Most fingerprint techniques focus on illuminating what researcher Robert Barker, instrument scientist at Institut Laue-Langevin in Grenoble, France, calls the “fatty residue” that fingers leave behind as prints. These existing methods often involve adding powders and chemicals, or “reagents,” to the residue that will interact with the prints so that they can be detected, sometimes through the use of UV lights. But the Leicester researchers, led by Rob Hillman, professor of physical chemistry at the University of Leicester, have developed what Hillman calls a “complementary” method, which will instead highlight the ridges between the fingerprint residue.

The researchers have added polymer to the ridges, which would essentially mean adding polymer to the surface that the prints may have been left on. The fingerprint residue acts like an insulator while the areas between it are covered in a polymer that reacts with an electronic charge, providing basically a “negative” image of the fingerprint. “But digitally, that’s perfectly straightforward to convert to a positive image,” says Hillman.

Barker explains the process: “Whereas before, we were targeting the peaks on the finger where they made contact with the surface, now we’re targeting the troughs where it hasn’t made contact and, therefore, getting that negative image.” This could be particularly helpful because, while there does need to be a certain amount of residue for the print to be salvageable through traditional methods, it takes much less latent print for the print to act as an insulator in this method, says Barker.

Additionally, if a more traditional illumination method has already been used on the prints, such as adding a chemical reagent, investigators should still be able to use this newer method because it focuses on the valleys that have not been treated with any chemicals yet, says Hillman.
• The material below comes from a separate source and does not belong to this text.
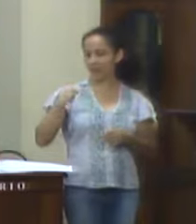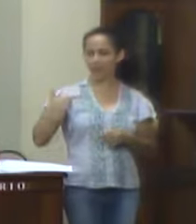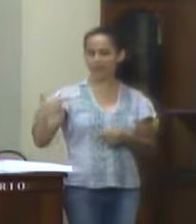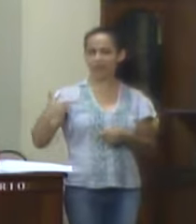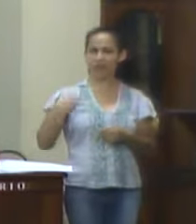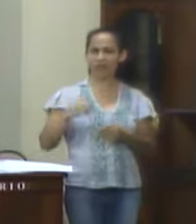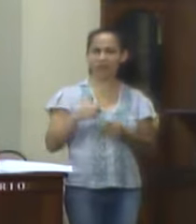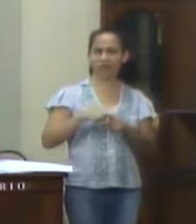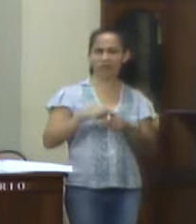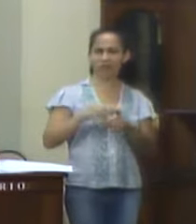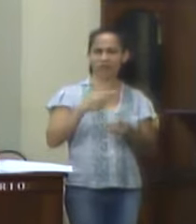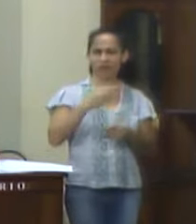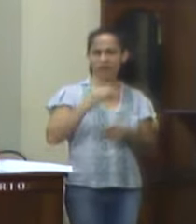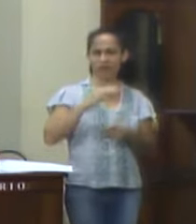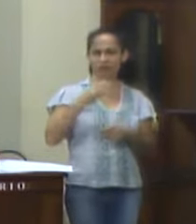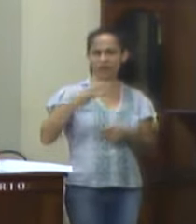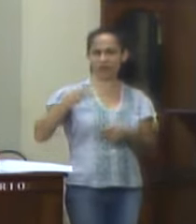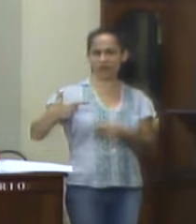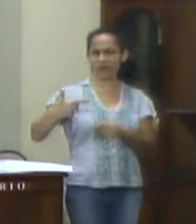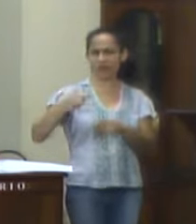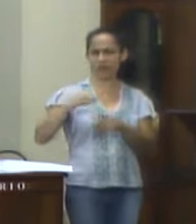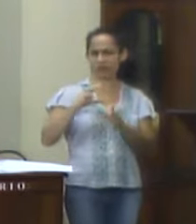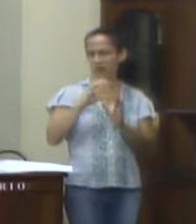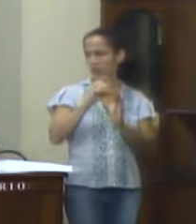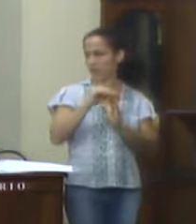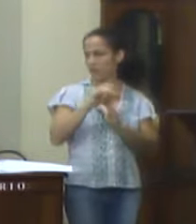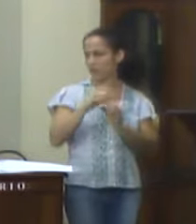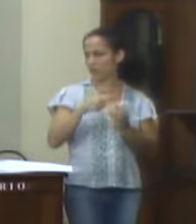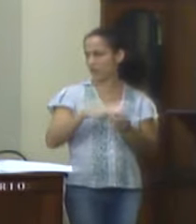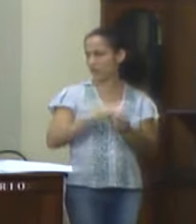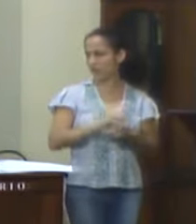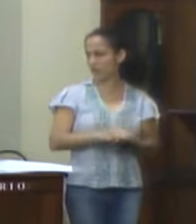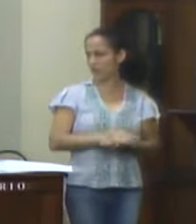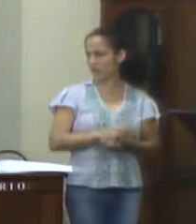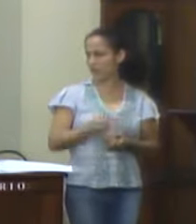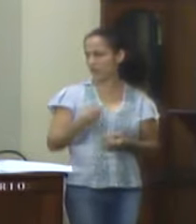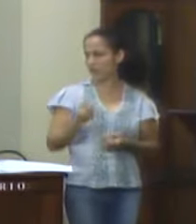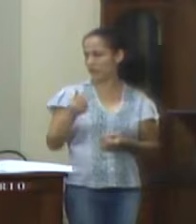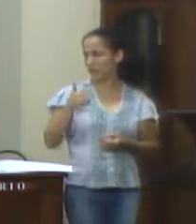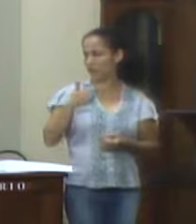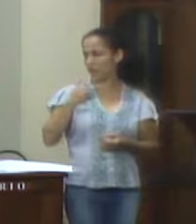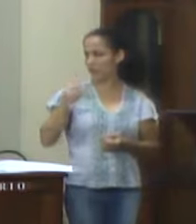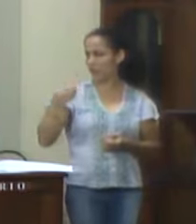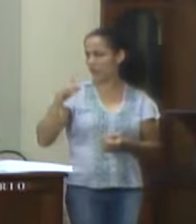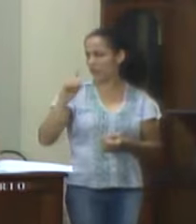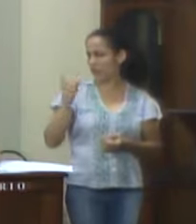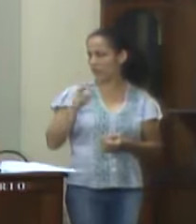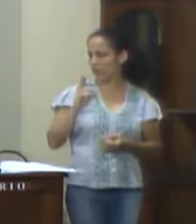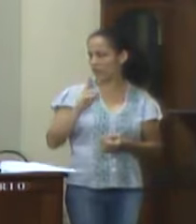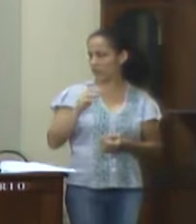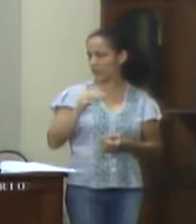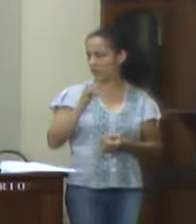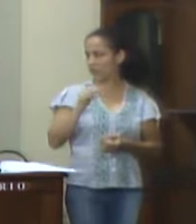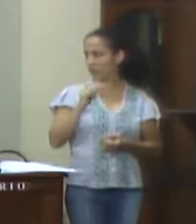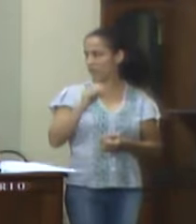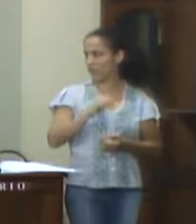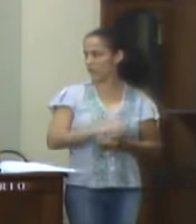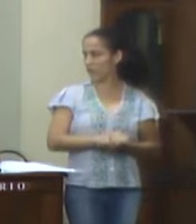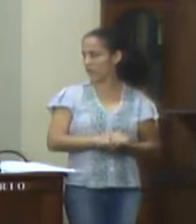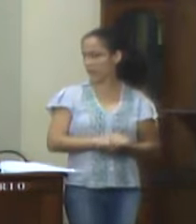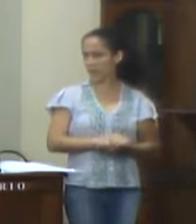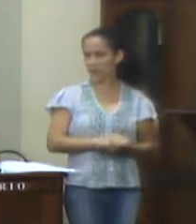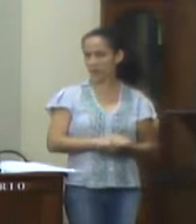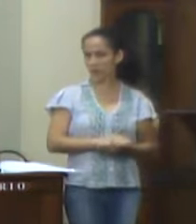-2032, Código 4490-5100, Valor 100 mil reais. Vereador Fábio Antônio Piri Jorge.

Likewise, someone could use a traditional illumination method after this method is applied.

The researchers have made further breakthroughs in this method by partnering with Barker to use neutrons to attach what are known as fluorophore molecules to the polymers, which will make them easier to pick up by certain lights that are already used in many police laboratories. It also makes the barrier to entry for using this new technique much lower.

One limitation, however, is that the method only works on metals for now. “It has to be a conducting surface in order for us to put the polymer down and, simplistically, that means metal. So you couldn’t do it on a painted metal surface, because you’ve colored the whole of the surface with an insulator,” says Hillman. But it would work on stainless steel knives, brass bullet casings, and items made of copper and lead.

The researchers’ method also works better in situations where the prints are older or have been exposed to ambient elements, such as heat and water, says Hillman. The “polymer methods work well for some of the scenarios that some of the existing techniques don’t work well for. And our belief at this time is that it works well for some of the cases where the…aging process has removed a significant amount of the material.” Hillman says the researchers have been in touch with the U.K. government and various police forces about testing out the method in lab settings.